To identify the second region size to create from each seed is determined by adding the StepInterval to the average region size (10 + 50), thus 60 square miles. Continuing to add the StepInterval of 10 to the average region size until the larger distance value is reached. This identifies the third, fourth, fifth, and sixth region sizes, which are 70, 80, 90, and 100 square miles. Finally, iteratively subtracting the StepInterval from the average region size until the smaller distance value is reached identifies the seventh region size to create; in this case, 40 square miles.
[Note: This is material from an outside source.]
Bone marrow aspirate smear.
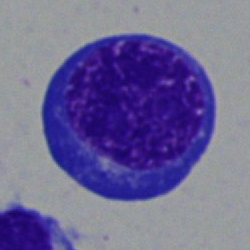Morphological class: nucleated red blood cell.

In this example, the number of regions that will be created from each seed is 7; they are 40, 50, 60, 70, 80, 90, and 100 square miles.

Example 2

In this example, the following parameters are set:

  • Total area is set to 100 square miles
  • Number of regions is set to 4
  • Region minimum area is set to 10 square miles
  • Region maximum area is set to 60 square miles

The first region size that will be created by the PRG is the average region size which is determined by dividing the total area by the number of regions; 25 square miles.
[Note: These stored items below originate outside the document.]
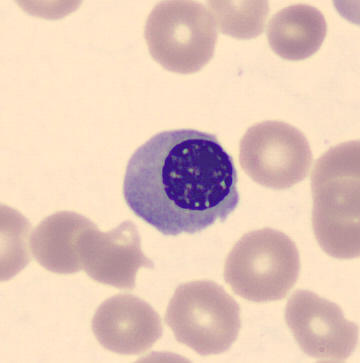 Preparation: Peripheral blood smear.

An erythroblast.
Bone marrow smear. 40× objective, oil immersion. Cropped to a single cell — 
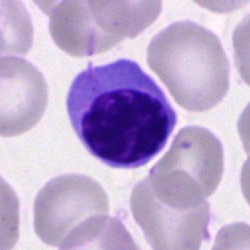

{"cell_type": "nucleated red cell", "lineage": "erythroid"}
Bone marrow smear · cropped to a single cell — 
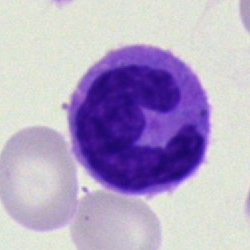 Single cell identified as a monocyte.
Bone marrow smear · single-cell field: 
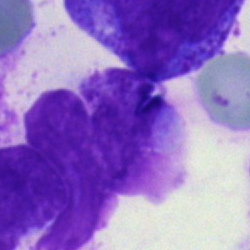Morphology consistent with an artifact.
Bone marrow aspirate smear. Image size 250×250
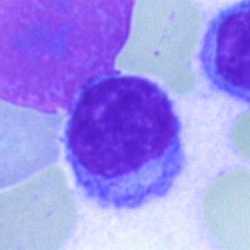 Cell type: hairy cell.
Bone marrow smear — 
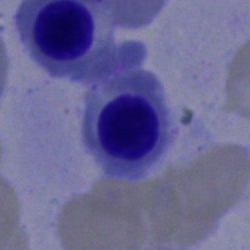 Morphology → normoblast.
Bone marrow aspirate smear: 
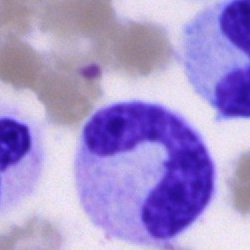 A band neutrophil.
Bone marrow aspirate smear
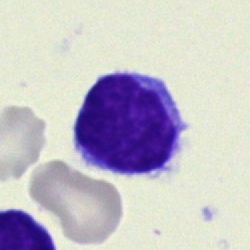
Morphology consistent with a typical lymphocyte.
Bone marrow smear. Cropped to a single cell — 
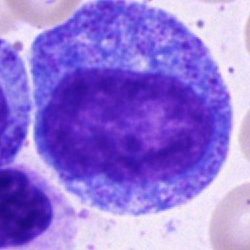
Q: What is shown here?
A: This is a progranulocyte.

The LargerDist is 35 square miles (Abs(60 - 25)). The StepInterval is 11.6667 (35/(4 - 1)). Iteratively adding 11.6667 to the average region size until the larger distance value is reached results in values of 36.6667, 48.3334 and 60. Subtracting the StepInterval from the average region size until the difference is equal to or goes below the minimum results in 13.3333. Thus far, the number of region sizes is 5; they are 13.3333, 25, 36.6667, 48.3334, and 60. Notice the minimum or maximum value that created the smaller distance is not guaranteed to be included in the region sizes (in this example, 13.3333 - 11.6667 = 1.6666, which is less than 10). Again, the minimum number of region sizes that will be created from each seed is 7, and the maximum number of region sizes is 15. Since 5 is less than the required minimum of 7, additional regions sizes are added between each of the 5 region sizes. In this example, the number of regions that will be created from each seed is 9; they are 13.3333, 19.1667, 25, 30.8334, 36.6667, 42.5001, 48.3334, 54.1667, and 60 square miles.

References

Brooks, Christopher J. 1997. A parameterized region growing programme for site allocation on raster suitability maps. International Journal of Geographic Information Science, 11:4, 375-396.

Brooks, Christopher J. 1997. A genetic algorithm for location optimal sites on raster suitability maps. Transactions in GIS, Vol. 2, No. 3, p 201-212.

Brooks, Christopher J. 1998. A genetic algorithm for designing optimal region configurations in GIS. A thesis submitted for the degree of Doctor of Philosophy, University College, University of London, London.

Brooks, Christopher J. 2001. A genetic algorithm for designing optimal patch configurations in GIS. International Journal of Geographic Information Science, Vol. 15, No. 6, 539-559.

Li, Xia and Anthony Gar-On Yeh, 2005. Integration of genetic algorithms and GIS for optimal location search, International Journal of Geographic Information Science, Vol. 19, No. 5, 581-601.